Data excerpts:
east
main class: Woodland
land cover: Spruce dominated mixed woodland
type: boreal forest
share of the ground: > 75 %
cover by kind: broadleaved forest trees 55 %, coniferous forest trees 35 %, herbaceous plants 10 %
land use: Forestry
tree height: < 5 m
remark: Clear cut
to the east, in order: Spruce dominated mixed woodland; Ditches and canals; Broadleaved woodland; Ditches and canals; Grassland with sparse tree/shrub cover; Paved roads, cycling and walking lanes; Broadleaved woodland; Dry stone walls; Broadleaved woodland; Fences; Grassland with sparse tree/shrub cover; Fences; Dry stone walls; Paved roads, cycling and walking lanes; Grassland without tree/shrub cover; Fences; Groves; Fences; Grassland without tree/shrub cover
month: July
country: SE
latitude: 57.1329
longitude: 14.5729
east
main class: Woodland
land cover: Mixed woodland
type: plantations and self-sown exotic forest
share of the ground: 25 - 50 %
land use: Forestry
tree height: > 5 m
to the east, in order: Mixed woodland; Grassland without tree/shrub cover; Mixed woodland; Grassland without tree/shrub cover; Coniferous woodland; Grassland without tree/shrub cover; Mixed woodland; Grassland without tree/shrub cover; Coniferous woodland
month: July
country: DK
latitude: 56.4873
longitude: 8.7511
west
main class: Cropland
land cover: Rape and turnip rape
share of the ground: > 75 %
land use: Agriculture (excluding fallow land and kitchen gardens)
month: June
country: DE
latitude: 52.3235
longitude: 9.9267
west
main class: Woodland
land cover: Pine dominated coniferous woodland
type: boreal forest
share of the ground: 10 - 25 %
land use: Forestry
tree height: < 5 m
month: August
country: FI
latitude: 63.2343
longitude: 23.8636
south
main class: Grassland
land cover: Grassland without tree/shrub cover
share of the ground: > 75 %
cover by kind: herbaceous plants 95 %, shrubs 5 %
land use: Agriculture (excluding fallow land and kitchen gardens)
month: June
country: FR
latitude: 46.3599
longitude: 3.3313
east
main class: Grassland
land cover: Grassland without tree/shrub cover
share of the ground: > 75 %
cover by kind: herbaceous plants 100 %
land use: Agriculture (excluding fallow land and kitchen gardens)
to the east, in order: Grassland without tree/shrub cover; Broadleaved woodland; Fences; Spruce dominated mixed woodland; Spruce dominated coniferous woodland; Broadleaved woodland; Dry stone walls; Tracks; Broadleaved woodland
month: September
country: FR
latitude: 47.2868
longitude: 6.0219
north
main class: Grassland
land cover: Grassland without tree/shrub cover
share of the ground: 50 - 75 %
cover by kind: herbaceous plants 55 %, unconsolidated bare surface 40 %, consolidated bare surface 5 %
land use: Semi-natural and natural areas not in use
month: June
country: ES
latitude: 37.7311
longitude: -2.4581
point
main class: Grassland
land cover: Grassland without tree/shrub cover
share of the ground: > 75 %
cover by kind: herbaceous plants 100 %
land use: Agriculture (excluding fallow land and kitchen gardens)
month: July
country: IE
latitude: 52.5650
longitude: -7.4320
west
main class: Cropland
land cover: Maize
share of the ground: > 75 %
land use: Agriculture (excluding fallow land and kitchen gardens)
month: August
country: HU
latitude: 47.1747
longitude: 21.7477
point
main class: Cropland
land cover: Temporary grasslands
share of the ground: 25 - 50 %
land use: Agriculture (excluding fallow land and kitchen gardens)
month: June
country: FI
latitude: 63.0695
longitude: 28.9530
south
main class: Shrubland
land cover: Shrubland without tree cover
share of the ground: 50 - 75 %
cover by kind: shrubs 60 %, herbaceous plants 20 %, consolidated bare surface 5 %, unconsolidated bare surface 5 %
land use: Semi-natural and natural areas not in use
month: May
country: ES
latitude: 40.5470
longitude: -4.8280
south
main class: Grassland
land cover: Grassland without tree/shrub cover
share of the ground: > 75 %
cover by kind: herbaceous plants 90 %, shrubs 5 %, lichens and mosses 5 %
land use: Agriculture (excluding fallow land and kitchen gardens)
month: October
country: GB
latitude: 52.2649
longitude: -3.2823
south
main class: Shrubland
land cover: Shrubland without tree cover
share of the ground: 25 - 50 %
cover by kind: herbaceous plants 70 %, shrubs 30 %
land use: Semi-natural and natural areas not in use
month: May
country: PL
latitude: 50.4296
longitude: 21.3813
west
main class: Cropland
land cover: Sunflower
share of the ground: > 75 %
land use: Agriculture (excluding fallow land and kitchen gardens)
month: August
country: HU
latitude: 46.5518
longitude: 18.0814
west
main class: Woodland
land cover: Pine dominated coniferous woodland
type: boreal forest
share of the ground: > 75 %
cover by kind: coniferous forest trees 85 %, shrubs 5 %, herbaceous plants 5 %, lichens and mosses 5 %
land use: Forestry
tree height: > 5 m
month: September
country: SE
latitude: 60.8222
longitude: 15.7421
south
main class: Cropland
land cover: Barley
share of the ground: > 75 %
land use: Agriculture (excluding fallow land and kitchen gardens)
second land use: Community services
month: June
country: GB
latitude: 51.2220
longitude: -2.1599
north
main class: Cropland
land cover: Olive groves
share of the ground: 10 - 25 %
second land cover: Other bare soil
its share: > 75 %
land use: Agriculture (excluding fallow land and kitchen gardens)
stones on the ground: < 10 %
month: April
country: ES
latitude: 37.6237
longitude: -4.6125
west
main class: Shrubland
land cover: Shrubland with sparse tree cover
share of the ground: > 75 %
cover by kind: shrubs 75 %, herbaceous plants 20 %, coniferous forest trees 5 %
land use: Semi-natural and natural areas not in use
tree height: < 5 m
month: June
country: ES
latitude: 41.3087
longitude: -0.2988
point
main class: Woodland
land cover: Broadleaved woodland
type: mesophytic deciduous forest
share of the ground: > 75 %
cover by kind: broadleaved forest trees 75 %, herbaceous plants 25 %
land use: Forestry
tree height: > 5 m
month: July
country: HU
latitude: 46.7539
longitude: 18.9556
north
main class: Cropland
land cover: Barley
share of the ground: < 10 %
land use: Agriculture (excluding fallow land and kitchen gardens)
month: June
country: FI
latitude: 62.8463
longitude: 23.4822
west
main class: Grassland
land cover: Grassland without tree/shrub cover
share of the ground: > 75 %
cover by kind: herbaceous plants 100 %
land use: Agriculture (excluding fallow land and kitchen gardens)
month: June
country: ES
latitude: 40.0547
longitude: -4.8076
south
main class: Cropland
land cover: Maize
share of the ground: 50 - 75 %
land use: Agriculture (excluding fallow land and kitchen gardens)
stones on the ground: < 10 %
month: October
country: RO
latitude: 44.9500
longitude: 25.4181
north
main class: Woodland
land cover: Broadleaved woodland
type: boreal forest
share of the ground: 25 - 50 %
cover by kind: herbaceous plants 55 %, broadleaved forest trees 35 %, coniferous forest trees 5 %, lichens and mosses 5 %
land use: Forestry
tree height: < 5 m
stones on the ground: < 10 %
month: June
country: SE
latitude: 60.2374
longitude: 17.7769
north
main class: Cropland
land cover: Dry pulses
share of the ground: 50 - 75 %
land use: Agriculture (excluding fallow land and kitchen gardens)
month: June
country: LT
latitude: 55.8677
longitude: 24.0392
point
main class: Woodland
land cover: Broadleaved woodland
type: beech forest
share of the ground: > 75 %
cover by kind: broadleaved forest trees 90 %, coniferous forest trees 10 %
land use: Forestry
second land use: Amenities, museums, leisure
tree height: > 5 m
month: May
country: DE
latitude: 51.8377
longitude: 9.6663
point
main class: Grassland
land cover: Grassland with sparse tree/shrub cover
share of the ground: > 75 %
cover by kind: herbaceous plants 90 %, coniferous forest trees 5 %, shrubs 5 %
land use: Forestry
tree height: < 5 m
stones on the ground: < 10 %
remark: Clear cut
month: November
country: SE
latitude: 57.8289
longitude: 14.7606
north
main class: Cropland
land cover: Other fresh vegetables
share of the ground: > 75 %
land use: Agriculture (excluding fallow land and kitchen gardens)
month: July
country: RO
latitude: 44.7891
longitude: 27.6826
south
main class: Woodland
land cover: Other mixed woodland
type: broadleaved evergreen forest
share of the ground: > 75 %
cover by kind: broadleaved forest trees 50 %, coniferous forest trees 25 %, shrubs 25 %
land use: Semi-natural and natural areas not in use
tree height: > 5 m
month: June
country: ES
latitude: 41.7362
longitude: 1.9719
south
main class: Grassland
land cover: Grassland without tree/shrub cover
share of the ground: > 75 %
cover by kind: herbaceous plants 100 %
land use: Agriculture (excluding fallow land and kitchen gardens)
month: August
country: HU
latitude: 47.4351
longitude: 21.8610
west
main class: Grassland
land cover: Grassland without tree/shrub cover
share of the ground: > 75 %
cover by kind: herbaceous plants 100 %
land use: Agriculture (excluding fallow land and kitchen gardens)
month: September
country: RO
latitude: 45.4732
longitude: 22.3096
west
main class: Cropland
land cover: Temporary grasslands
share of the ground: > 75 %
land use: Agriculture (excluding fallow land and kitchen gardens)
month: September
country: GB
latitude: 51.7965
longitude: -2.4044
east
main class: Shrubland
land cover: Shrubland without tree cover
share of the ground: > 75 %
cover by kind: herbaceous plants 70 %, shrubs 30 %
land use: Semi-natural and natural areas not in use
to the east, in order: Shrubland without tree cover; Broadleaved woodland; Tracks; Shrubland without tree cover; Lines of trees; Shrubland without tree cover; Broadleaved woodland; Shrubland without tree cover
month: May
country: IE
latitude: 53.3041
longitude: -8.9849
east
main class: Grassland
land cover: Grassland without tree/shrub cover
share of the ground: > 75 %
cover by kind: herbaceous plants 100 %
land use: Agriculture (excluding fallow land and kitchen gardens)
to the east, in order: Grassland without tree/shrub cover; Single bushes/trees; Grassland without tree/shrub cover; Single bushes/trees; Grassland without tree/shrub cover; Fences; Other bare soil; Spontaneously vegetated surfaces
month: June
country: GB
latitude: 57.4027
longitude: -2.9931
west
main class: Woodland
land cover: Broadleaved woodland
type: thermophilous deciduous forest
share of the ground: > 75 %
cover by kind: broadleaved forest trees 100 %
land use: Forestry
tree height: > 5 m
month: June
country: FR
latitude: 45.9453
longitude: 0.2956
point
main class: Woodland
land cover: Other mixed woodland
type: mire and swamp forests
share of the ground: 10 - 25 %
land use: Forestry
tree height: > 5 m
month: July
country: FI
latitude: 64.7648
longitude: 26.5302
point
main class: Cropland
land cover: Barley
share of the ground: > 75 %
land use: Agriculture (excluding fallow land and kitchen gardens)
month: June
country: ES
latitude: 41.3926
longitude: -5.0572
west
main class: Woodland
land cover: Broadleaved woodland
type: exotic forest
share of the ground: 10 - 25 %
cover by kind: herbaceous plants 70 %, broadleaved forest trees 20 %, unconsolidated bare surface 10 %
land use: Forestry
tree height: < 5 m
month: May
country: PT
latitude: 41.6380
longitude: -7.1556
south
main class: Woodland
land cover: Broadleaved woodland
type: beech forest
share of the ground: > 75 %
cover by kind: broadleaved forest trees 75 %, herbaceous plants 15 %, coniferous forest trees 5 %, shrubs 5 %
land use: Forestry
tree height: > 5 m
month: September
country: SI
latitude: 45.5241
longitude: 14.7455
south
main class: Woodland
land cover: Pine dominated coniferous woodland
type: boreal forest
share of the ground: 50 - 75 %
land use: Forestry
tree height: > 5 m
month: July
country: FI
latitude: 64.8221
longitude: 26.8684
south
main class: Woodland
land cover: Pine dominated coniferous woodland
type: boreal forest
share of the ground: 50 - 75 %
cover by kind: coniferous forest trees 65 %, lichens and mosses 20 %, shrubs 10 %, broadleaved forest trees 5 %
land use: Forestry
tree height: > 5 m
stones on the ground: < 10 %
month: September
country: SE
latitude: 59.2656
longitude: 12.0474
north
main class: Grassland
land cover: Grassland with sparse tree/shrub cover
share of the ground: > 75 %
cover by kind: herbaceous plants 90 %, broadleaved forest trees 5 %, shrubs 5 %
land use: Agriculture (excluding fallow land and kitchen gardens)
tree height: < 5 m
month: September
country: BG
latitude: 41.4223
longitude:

== The task ==
From the entries, work out how many lines include the word "walls", answering with the number only.

== Response box ==
2